The mass killing by 18-year-old high school student Salvador Ramos was the deadliest school shooting in Texas history and third in the US, surpassing Parkland and Columbine. It was the 19th school shooting so far this year.
The empty platitudes by President Biden and other politicians, along with commentary in the news media, studiously avoid any examination, let alone criticism, of the social, political and cultural conditions in America behind the repeated eruption of homicidal violence.
Flowers and candles are placed outside Robb Elementary School in Uvalde, Texas, on May 25, 2022 to honor the victims killed in Tuesday's shooting. [AP Photo/Jae C. Hong]
In comments to the World Socialist Web Site, health care, education, manufacturing and other workers expressed their outrage over the Texas school shooting and grappled with broader issues behind these atrocities.
A pre-school worker from Virginia said, “As someone who works as an educator, I am both horrified and heartbroken about the shooting in Texas. It reminds me of the time I was on a lunch break and an office administrator came up to me and said I need to return to my classroom. She told me that they were going to announce an evacuation soon and I had to prepare to get my students out of the building safely. ‘This is not a drill.’ The words echoed around my head as I tried to remain calm and get back to my students. I was not afraid. I slowly became enraged as I began to put together that the reason we had to evacuate was because of a bomb threat. I could not imagine a scenario where someone would want to blow up a school with children aged 6 weeks through fifth grade. After the anger subsided, I began to question why? Why is this happening? I have read several articles surrounding the Texas incident and they all talk about gun control.
“Guns are here, and they aren’t going anywhere. I feel we need to move past that and go back to the real root of the issue.

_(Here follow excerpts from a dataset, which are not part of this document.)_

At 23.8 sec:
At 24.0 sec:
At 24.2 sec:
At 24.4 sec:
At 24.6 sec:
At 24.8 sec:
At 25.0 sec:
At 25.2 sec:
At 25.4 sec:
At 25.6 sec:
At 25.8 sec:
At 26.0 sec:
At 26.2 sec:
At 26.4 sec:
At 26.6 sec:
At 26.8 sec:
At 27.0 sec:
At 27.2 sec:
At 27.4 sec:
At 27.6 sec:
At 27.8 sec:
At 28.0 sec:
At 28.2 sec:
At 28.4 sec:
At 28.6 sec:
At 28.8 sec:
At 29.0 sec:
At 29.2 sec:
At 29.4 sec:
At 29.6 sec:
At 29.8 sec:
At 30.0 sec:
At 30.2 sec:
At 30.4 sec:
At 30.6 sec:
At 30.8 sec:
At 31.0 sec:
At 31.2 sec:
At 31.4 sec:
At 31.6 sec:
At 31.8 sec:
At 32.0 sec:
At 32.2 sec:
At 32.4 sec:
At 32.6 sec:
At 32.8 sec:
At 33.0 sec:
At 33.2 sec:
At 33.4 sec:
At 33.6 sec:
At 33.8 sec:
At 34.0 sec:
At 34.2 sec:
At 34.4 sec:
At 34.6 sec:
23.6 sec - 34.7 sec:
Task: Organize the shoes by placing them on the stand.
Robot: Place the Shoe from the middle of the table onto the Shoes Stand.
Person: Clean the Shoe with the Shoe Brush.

Why are people frustrated and angry to the point of feeling their only option is to kill people? What is causing this phenomena? How do we prevent people from getting to that point?”

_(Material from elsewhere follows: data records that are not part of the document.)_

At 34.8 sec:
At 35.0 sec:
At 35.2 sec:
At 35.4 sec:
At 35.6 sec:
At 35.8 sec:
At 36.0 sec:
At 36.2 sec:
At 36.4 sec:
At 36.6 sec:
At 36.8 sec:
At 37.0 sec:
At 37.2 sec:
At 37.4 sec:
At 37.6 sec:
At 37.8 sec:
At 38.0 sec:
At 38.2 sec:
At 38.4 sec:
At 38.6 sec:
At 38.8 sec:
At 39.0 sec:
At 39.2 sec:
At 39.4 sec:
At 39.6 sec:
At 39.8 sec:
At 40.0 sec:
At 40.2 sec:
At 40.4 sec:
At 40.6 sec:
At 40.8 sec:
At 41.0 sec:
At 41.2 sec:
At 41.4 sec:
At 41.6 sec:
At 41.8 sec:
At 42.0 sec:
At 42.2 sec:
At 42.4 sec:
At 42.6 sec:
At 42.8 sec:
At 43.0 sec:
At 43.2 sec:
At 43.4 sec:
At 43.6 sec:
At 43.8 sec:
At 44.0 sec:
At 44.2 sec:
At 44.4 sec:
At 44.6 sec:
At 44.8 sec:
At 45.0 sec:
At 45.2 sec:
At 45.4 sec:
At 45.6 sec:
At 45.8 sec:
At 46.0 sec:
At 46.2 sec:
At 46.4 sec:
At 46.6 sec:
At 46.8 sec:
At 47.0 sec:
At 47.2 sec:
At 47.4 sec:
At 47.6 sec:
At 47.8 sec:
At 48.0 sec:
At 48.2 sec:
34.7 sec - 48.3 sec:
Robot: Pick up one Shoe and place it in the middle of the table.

Dennis, a retired school bus driver and currently working as a musician in Santa Barbara, California, said, “I feel the shootings can’t be viewed as separate from US empire, the most violent and destructive empire in the world. A nation that seeks world domination through force and violence sets violence as an example for how to deal with problems on an individual level. Add to this the refusal to monitor gun ownership and the sorry state of health care, especially mental health care, and these horrible events become inevitable. At the root of these problems is a profit-driven society, profit for the ‘defense’ industry, medical care and the gun industry.”

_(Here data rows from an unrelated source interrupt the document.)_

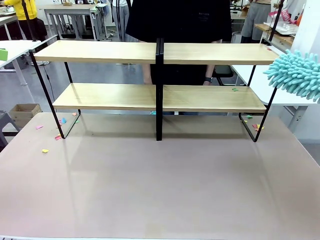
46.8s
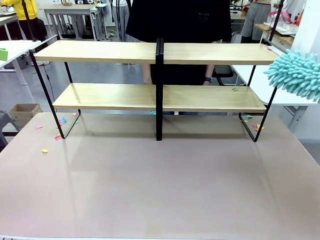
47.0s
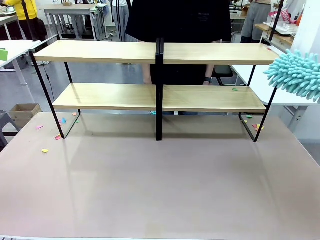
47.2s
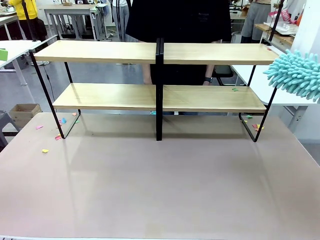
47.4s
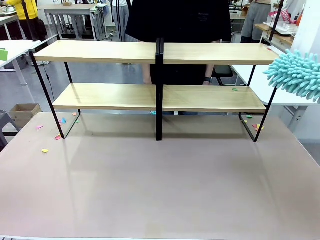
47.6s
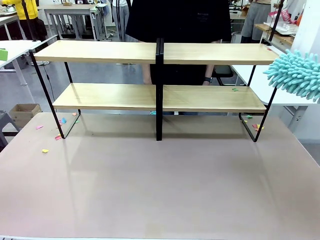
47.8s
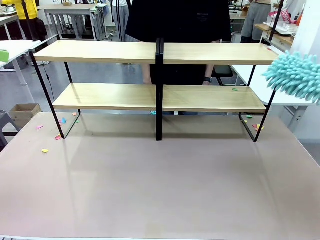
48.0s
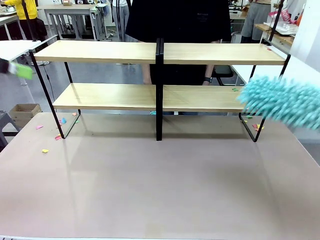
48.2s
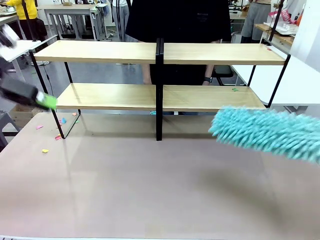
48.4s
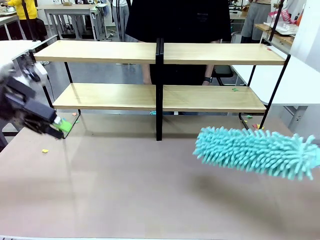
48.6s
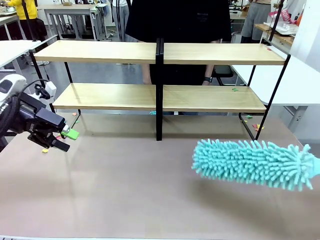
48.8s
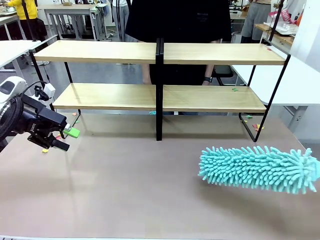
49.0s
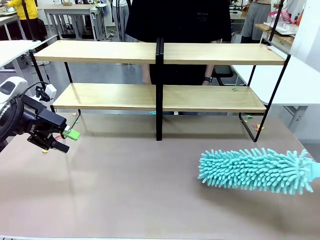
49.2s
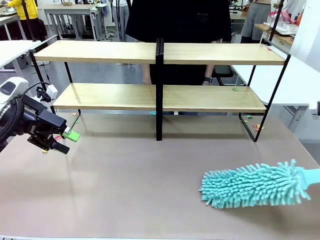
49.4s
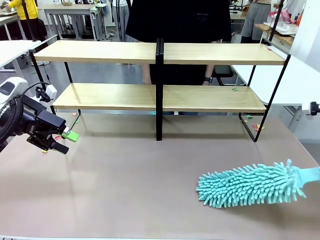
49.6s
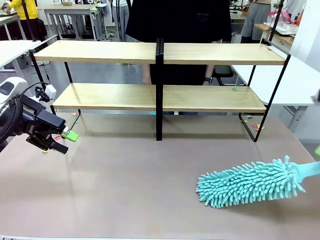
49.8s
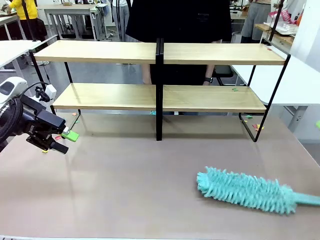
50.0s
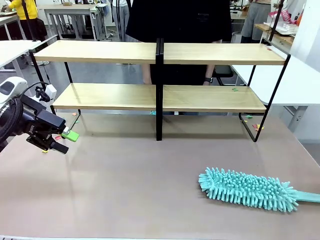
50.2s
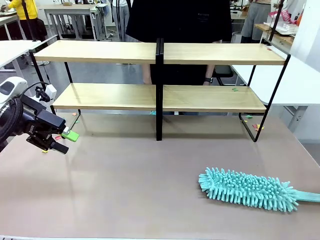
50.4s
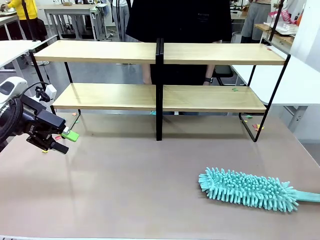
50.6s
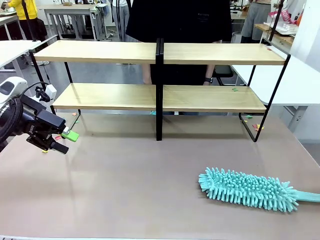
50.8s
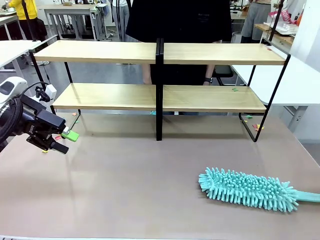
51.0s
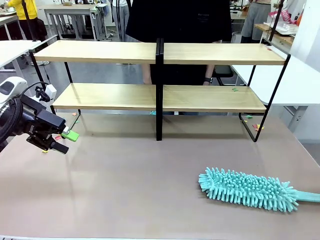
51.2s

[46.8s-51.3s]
Task: Clean the shelves.
Robot: Place the Duster on the table.

Beth, an Iowa school bus driver, said, “The school shootings and violence are epidemic. Last year, two teenagers bludgeoned a high school Spanish teacher to death in Fairfield, Iowa. I drive kids to school every day, and at times I can feel their resentment and hopelessness. Sometimes, I think one of these kids could be violent too, and all I think about is getting them home safely.
“I could speak all day on the terrible social conditions these kids face. I drive little children who don’t have clean clothes to wear. I talk to kids whose parents are fighting at home. I know one perfectly beautiful high school student who says she’s suffering from depression and is considering suicide. There are some kids from foster homes or broken homes. Growing up like that they don’t learn to treat each other respectfully and understand that there is more to the world than just you.”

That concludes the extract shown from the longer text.